大関大の里が綱とりへ白星スタート、先場所敗れた若元春を下す 2日目は高安戦

大の里(左)は若元春を寄り切りで破る(撮影・河田真司)

<大相撲夏場所>◇初日◇11日◇東京・両国国技館

今場所最大の注目、初の綱とりに挑む大の里(24=二所ノ関)は先場所で敗れている東前頭筆頭の若元春を下して、角界の頂点に向けて幸先のいいスタートを切った。

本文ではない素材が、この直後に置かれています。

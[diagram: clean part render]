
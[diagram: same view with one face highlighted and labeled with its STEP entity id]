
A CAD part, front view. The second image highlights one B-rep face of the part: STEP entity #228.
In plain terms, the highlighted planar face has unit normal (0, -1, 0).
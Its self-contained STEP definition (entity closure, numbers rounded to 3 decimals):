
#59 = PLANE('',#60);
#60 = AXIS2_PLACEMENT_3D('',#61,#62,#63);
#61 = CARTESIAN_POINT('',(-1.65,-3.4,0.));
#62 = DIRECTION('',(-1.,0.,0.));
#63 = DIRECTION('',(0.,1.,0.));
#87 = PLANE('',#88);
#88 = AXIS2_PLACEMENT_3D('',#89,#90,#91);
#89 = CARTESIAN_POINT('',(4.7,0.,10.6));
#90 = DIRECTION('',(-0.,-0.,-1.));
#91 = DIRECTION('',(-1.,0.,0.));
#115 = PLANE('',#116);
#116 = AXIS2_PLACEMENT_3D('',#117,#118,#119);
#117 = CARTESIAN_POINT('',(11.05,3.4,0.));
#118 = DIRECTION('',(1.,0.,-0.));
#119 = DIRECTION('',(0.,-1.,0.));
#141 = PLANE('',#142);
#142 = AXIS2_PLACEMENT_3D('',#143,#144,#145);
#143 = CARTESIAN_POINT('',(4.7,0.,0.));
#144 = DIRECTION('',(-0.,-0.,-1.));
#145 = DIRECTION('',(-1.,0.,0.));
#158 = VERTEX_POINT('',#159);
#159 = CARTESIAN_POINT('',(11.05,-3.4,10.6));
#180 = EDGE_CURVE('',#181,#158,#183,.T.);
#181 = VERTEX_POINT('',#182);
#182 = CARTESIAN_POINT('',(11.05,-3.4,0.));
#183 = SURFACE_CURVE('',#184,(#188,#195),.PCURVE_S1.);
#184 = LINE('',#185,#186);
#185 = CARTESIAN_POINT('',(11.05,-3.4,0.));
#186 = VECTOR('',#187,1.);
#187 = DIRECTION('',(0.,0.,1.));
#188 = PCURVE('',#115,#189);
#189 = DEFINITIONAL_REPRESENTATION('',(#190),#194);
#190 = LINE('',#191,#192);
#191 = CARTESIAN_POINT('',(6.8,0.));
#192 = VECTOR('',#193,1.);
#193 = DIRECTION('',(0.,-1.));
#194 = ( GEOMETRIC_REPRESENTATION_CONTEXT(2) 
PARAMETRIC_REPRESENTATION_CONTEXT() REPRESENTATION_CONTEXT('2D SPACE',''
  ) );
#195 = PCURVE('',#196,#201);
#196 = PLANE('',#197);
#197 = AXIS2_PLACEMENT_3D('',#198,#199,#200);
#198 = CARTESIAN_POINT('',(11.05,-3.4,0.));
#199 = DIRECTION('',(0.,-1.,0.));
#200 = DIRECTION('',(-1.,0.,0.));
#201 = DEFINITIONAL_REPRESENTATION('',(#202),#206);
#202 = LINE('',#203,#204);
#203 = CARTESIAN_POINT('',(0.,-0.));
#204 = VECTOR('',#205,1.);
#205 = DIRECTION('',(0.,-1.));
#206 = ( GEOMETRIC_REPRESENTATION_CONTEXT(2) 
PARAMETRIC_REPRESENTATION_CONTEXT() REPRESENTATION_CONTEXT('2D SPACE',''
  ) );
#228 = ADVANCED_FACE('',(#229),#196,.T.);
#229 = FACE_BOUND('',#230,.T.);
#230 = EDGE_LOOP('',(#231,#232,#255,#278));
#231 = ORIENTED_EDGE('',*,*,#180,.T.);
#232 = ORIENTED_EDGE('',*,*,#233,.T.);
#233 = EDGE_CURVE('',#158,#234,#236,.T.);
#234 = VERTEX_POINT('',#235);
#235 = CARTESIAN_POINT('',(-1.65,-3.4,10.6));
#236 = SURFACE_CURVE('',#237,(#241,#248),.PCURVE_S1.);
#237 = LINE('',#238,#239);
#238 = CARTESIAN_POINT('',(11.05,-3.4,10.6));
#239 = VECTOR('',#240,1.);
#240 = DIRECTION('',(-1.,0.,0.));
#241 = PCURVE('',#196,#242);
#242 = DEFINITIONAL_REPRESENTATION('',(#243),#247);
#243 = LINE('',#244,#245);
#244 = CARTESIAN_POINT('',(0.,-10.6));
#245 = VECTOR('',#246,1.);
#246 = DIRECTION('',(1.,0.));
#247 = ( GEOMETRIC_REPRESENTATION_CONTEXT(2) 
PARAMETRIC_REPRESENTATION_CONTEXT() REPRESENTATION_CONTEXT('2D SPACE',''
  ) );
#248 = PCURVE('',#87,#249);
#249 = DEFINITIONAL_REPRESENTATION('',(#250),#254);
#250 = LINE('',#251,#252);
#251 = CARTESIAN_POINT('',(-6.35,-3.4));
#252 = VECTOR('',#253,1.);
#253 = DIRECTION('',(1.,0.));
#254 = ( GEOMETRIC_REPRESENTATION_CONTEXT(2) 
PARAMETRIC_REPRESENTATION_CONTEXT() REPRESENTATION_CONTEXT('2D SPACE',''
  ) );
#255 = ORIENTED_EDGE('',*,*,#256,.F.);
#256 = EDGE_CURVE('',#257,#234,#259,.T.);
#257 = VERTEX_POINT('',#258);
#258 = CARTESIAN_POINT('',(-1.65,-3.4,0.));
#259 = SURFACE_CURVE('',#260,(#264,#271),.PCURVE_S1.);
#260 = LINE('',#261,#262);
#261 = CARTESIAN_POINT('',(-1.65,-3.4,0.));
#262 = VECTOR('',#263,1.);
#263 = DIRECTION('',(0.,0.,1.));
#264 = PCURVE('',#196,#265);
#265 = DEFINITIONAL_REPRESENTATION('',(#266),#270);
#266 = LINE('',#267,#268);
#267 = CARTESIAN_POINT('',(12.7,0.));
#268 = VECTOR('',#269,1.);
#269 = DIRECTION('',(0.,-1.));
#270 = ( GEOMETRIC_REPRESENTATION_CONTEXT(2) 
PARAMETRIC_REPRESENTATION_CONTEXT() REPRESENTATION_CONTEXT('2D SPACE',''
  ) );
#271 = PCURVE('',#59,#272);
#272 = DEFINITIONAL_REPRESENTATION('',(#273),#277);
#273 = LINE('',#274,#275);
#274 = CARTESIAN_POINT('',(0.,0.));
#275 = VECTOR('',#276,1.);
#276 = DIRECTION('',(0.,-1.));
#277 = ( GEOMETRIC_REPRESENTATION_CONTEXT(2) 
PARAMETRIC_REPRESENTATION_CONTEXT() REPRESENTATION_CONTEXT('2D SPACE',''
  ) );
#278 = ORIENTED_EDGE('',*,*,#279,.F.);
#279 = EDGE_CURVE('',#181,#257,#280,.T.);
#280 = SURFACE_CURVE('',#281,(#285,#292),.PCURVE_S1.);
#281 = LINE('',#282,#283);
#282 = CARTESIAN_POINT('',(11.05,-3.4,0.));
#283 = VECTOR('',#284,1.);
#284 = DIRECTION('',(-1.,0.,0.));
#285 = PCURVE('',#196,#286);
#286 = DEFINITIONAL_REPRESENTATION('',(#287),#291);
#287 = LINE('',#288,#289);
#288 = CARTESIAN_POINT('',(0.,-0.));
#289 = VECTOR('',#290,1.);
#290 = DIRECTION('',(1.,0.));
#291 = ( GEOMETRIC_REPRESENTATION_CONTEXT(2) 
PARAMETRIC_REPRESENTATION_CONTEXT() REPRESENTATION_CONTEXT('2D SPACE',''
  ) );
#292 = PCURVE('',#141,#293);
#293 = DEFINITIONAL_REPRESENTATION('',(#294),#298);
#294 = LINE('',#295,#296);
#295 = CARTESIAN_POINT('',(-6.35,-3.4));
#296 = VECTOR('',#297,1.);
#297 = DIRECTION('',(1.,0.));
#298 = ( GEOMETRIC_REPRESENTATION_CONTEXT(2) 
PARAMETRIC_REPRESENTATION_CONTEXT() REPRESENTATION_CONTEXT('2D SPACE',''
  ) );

対策がいきた。敗れた昨年名古屋場所2日目、先場所4日目ともに、1度は相手を土俵際まで押し込みながら、隙を許して左を差され、相手の形を許してから逆転された格好だった。それだけに稽古打ち上げとなった今月9日も、若元春とほぼ体格が同じ三段目藤宗を指名して6番取り、自身が得意な右を差した形と、あえて左を差させた形を試し、対策してきた。何よりも、右四つの自身とはけんか四つ、差し手争いのうまさは健在の師匠二所ノ関親方(元横綱稀勢の里)と6日に計10番の三番稽古を行い、左四つへの苦手意識、差し手争いを制することができなくても動じない、新たな武器“右上手”という引き出しがあることで、精神的な余裕が生まれた様子だった。

2日目も同じく左四つで、先場所は優勝決定戦を行った高安戦。高安には本割で2戦2敗と苦しめられてきたが、左四つへの苦手意識を克服し、勢いに乗って先場所の本割で敗れた2人に連勝発進して、綱とりロードを絶好のスタートにしたいところだ。